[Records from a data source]
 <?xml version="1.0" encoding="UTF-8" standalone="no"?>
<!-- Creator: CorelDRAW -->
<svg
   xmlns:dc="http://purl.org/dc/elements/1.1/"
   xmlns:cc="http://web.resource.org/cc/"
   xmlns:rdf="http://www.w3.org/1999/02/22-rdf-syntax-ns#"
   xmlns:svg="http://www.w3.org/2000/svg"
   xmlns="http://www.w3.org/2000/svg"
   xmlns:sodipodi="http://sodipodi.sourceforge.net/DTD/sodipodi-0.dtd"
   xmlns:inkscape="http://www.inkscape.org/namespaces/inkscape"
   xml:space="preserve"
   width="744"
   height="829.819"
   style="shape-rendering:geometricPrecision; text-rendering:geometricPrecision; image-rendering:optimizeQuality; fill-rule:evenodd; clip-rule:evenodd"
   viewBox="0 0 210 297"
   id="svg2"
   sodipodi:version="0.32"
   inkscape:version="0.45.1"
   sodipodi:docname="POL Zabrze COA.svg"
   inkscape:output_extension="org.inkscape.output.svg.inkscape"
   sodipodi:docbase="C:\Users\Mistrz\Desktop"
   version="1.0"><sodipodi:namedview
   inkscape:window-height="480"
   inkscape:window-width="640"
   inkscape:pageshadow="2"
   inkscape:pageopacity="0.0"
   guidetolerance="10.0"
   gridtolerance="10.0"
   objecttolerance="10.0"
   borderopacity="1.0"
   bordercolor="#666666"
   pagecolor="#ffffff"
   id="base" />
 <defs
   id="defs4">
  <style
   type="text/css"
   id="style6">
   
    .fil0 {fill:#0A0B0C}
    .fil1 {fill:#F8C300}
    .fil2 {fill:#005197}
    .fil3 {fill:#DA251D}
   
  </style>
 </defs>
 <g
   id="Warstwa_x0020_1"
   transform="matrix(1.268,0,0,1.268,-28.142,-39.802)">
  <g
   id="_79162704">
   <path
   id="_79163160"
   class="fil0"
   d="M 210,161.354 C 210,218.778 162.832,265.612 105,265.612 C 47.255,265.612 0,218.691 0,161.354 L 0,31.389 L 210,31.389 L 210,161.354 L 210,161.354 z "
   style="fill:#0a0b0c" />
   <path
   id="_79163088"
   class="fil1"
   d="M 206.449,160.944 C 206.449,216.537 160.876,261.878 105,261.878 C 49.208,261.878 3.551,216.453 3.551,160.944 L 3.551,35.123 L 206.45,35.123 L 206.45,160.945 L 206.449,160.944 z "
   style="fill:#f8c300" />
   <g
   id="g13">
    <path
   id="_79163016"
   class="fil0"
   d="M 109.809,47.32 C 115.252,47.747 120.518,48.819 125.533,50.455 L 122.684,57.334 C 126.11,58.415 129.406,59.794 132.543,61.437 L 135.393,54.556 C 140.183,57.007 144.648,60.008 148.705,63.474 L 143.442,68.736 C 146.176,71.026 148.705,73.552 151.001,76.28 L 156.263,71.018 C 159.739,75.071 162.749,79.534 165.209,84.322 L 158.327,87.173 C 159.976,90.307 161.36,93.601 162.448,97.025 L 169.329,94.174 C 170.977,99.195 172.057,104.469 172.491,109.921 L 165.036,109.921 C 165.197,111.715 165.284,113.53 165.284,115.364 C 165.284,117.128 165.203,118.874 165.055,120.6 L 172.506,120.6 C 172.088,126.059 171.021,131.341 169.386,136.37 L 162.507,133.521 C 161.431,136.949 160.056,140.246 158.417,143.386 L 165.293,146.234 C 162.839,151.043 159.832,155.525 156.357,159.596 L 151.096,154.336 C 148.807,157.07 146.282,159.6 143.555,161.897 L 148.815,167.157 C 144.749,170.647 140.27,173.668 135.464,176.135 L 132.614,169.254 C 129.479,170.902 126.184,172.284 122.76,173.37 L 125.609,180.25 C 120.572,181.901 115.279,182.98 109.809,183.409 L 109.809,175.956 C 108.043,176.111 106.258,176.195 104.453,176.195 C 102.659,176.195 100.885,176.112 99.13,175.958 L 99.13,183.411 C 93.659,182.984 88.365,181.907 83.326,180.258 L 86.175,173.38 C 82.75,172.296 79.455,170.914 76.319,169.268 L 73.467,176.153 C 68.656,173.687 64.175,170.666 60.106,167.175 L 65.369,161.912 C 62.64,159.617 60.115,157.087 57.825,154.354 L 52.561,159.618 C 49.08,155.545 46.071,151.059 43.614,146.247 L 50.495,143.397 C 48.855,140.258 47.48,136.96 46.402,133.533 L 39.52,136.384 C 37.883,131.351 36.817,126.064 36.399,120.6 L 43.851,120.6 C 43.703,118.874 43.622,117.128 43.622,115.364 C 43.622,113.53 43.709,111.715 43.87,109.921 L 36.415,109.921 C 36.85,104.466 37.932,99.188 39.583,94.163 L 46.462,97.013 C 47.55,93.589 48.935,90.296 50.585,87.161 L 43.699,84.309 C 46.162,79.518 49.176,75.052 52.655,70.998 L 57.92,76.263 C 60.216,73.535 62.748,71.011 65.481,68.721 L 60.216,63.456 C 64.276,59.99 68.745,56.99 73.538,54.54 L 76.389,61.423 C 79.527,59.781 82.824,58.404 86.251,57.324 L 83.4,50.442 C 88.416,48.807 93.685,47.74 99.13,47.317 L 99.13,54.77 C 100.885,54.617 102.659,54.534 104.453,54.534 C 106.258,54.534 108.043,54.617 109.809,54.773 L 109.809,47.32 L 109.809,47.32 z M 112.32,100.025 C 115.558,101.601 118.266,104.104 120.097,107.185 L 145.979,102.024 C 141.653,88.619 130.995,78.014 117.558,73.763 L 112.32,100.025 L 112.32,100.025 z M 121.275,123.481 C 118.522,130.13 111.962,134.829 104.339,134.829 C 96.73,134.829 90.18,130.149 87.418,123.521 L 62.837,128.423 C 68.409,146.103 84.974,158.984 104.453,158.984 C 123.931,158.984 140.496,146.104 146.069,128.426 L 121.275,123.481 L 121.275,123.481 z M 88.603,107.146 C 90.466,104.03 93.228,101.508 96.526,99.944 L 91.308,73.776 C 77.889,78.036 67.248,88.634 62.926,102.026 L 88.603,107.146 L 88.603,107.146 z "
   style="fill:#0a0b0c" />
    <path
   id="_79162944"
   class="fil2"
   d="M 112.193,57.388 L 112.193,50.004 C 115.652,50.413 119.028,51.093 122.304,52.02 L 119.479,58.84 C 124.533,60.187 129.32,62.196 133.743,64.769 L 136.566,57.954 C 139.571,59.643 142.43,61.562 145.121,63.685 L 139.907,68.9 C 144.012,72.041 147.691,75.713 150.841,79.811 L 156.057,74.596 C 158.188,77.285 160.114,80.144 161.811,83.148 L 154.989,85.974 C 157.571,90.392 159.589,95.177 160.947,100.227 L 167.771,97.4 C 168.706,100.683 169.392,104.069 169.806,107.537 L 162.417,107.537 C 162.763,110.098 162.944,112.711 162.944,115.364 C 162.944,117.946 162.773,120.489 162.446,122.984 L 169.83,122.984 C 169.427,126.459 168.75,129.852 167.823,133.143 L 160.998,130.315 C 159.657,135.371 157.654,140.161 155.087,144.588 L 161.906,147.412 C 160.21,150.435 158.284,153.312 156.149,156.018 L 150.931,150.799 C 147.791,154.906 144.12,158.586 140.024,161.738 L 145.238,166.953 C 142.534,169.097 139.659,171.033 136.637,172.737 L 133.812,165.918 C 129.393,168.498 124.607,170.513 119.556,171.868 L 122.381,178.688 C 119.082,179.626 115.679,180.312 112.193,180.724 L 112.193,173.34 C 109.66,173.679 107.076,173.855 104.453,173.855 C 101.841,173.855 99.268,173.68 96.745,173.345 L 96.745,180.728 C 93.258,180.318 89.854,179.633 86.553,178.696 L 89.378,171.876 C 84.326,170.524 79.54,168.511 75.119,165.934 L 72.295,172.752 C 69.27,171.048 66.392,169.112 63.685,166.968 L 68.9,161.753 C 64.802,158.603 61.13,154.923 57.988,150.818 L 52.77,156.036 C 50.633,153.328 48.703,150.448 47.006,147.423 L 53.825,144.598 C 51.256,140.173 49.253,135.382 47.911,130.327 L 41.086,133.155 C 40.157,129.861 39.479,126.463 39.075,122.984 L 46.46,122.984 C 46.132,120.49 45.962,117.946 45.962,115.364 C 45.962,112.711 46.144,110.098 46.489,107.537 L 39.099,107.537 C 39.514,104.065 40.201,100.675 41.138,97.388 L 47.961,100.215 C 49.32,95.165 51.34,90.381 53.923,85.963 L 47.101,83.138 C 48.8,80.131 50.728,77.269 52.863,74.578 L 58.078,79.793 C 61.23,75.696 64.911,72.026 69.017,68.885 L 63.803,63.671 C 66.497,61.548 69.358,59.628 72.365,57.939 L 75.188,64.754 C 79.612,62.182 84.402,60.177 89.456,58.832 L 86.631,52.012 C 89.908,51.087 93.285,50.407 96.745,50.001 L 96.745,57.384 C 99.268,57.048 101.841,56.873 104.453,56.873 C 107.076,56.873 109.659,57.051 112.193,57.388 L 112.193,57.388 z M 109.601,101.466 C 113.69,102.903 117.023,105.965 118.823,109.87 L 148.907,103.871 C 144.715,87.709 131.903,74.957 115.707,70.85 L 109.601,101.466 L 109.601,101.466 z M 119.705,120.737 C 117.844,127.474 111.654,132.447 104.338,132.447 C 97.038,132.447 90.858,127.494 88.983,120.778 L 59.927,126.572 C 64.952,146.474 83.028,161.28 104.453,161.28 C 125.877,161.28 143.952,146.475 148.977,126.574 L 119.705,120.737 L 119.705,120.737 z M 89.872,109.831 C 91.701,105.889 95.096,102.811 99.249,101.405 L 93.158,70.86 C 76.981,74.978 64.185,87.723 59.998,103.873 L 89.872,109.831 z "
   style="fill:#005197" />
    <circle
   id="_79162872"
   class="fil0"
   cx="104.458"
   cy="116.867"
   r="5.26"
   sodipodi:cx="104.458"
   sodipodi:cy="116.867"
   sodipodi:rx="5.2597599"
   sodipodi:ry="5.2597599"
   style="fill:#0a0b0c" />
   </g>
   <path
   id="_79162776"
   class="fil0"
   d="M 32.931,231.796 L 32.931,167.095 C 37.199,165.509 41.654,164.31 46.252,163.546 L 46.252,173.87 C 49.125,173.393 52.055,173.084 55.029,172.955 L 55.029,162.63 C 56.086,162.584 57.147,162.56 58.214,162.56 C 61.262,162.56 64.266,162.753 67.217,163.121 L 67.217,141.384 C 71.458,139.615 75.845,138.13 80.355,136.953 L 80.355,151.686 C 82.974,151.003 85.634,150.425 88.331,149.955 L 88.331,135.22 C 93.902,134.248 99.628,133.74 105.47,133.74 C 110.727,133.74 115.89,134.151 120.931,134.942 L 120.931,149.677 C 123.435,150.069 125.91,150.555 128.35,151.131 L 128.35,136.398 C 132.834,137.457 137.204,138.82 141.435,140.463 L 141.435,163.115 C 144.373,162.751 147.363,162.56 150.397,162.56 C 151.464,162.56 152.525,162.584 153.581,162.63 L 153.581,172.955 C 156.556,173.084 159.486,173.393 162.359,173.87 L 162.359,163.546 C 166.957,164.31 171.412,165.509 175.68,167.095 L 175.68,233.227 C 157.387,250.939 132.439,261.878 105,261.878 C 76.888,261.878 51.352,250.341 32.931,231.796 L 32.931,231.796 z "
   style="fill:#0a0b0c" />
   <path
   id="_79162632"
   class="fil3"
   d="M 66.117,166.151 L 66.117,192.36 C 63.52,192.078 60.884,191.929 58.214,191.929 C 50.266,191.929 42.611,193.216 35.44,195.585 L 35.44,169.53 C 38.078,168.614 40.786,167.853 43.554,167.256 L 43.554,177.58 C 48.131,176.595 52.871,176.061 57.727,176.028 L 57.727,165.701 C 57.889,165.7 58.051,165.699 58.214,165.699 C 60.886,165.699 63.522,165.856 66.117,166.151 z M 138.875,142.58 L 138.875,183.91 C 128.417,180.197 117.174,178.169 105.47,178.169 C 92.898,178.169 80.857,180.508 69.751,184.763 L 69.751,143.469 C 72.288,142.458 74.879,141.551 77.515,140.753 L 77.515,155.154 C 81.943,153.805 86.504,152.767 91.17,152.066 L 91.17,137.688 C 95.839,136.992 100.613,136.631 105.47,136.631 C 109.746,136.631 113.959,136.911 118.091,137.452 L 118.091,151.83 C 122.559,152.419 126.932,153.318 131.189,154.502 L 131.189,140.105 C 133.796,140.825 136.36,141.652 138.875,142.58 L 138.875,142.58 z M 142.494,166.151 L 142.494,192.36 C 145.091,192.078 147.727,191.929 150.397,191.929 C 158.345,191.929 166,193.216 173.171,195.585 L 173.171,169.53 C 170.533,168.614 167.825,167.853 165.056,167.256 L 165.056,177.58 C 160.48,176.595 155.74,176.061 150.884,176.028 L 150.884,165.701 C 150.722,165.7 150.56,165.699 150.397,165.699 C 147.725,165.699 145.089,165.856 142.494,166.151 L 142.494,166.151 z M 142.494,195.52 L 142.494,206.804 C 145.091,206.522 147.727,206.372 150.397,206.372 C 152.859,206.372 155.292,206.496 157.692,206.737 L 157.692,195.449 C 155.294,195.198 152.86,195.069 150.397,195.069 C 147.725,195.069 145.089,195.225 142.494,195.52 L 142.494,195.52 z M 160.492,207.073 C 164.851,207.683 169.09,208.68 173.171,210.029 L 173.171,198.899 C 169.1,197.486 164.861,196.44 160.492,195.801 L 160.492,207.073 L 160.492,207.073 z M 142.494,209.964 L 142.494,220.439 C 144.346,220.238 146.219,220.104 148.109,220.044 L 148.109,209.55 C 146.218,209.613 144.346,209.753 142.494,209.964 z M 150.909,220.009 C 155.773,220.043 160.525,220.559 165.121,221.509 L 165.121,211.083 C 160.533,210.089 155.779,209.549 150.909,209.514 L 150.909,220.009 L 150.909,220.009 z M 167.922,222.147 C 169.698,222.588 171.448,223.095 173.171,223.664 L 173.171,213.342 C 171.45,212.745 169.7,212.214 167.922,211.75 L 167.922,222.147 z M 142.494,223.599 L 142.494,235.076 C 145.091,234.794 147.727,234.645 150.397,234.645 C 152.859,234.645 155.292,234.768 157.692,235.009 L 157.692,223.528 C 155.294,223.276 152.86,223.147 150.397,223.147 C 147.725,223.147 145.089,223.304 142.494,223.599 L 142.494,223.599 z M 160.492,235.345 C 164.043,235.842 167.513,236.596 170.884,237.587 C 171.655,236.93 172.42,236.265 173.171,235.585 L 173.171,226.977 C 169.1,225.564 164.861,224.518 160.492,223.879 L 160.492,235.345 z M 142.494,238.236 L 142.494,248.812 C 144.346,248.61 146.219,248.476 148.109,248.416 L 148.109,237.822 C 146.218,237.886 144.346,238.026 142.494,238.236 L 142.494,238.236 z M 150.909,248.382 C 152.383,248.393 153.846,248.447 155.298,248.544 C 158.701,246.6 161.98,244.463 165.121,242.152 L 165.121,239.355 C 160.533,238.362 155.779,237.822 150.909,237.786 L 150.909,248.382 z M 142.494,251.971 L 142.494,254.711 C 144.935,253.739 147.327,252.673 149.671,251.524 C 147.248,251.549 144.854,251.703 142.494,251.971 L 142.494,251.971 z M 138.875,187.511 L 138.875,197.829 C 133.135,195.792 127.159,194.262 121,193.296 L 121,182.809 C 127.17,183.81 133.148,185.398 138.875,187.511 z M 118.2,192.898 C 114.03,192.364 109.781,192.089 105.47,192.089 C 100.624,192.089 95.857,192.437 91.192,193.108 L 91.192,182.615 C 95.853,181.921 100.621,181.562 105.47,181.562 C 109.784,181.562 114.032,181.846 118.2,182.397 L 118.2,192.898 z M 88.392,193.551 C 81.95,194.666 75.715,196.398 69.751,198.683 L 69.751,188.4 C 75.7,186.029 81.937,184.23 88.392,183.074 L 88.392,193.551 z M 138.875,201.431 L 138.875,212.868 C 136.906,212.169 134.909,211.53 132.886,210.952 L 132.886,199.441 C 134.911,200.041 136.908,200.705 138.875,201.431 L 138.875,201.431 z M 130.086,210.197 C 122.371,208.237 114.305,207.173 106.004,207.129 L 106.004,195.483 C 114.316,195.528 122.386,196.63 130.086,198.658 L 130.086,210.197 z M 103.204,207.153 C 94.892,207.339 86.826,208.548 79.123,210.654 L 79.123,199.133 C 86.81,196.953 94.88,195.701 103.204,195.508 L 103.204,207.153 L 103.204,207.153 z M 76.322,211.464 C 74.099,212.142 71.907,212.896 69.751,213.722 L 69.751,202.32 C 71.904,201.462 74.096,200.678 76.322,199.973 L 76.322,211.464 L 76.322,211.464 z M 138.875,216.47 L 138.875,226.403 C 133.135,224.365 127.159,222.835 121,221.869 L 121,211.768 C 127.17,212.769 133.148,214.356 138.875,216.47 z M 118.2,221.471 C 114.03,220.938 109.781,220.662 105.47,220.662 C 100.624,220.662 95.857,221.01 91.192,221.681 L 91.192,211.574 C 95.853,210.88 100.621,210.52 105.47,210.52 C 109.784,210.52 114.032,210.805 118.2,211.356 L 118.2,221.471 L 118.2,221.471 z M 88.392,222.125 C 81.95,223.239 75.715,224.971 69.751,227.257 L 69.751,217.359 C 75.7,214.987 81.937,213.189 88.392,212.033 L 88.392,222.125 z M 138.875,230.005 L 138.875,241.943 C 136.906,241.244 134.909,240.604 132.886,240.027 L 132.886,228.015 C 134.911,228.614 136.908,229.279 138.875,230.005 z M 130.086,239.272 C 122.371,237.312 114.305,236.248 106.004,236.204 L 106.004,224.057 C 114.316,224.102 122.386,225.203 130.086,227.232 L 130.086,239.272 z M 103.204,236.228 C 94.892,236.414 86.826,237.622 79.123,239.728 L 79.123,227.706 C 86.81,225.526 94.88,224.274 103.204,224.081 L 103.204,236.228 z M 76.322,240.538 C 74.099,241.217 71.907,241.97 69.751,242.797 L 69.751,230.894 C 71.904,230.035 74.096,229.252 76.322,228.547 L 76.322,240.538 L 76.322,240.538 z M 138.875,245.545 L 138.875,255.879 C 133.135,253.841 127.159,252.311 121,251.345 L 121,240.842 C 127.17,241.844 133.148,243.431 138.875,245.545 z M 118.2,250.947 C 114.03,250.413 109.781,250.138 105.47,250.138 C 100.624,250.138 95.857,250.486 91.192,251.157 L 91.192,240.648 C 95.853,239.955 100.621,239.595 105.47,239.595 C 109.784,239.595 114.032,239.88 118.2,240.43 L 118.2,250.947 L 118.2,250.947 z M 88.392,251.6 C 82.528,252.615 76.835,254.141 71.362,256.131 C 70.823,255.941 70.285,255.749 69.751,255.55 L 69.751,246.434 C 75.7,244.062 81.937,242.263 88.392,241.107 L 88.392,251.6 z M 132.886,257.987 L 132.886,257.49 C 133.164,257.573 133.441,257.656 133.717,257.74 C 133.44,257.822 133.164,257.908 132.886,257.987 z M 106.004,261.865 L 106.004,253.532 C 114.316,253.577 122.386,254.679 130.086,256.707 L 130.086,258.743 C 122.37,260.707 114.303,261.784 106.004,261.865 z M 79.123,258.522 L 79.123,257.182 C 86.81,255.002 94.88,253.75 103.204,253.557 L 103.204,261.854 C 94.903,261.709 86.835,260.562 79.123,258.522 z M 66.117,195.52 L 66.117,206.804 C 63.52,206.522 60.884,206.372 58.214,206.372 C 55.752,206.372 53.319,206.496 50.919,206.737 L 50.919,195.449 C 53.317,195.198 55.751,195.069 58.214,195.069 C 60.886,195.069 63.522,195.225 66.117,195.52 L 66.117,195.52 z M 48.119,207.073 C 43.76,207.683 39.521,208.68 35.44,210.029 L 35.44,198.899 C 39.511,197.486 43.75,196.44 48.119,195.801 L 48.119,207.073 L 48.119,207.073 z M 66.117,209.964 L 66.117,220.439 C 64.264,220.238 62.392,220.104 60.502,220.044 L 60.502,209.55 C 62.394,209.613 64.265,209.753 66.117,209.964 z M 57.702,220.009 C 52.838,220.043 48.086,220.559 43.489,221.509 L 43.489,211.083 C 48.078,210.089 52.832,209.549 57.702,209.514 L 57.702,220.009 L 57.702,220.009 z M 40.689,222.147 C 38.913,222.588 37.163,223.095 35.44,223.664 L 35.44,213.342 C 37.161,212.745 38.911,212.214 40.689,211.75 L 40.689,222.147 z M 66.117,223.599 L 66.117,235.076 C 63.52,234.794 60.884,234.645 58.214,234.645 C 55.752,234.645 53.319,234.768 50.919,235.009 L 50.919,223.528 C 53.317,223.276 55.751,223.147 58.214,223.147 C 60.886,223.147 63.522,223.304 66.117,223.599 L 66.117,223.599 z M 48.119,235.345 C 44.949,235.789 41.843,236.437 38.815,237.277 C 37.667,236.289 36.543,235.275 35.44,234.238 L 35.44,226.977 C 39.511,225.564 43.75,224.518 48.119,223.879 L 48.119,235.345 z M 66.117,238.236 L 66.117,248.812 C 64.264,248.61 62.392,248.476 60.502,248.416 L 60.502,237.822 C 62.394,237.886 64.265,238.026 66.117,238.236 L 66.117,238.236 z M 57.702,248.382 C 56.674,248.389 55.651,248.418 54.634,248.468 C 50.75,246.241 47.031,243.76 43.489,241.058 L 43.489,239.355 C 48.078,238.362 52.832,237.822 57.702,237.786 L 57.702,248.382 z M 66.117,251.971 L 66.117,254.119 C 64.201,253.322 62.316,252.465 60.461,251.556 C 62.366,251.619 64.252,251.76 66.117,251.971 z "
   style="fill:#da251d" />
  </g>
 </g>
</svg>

▸ **Exercise description**: Report only the number of lines in the records that include the word "xmlns".

▸ **Reply**: 7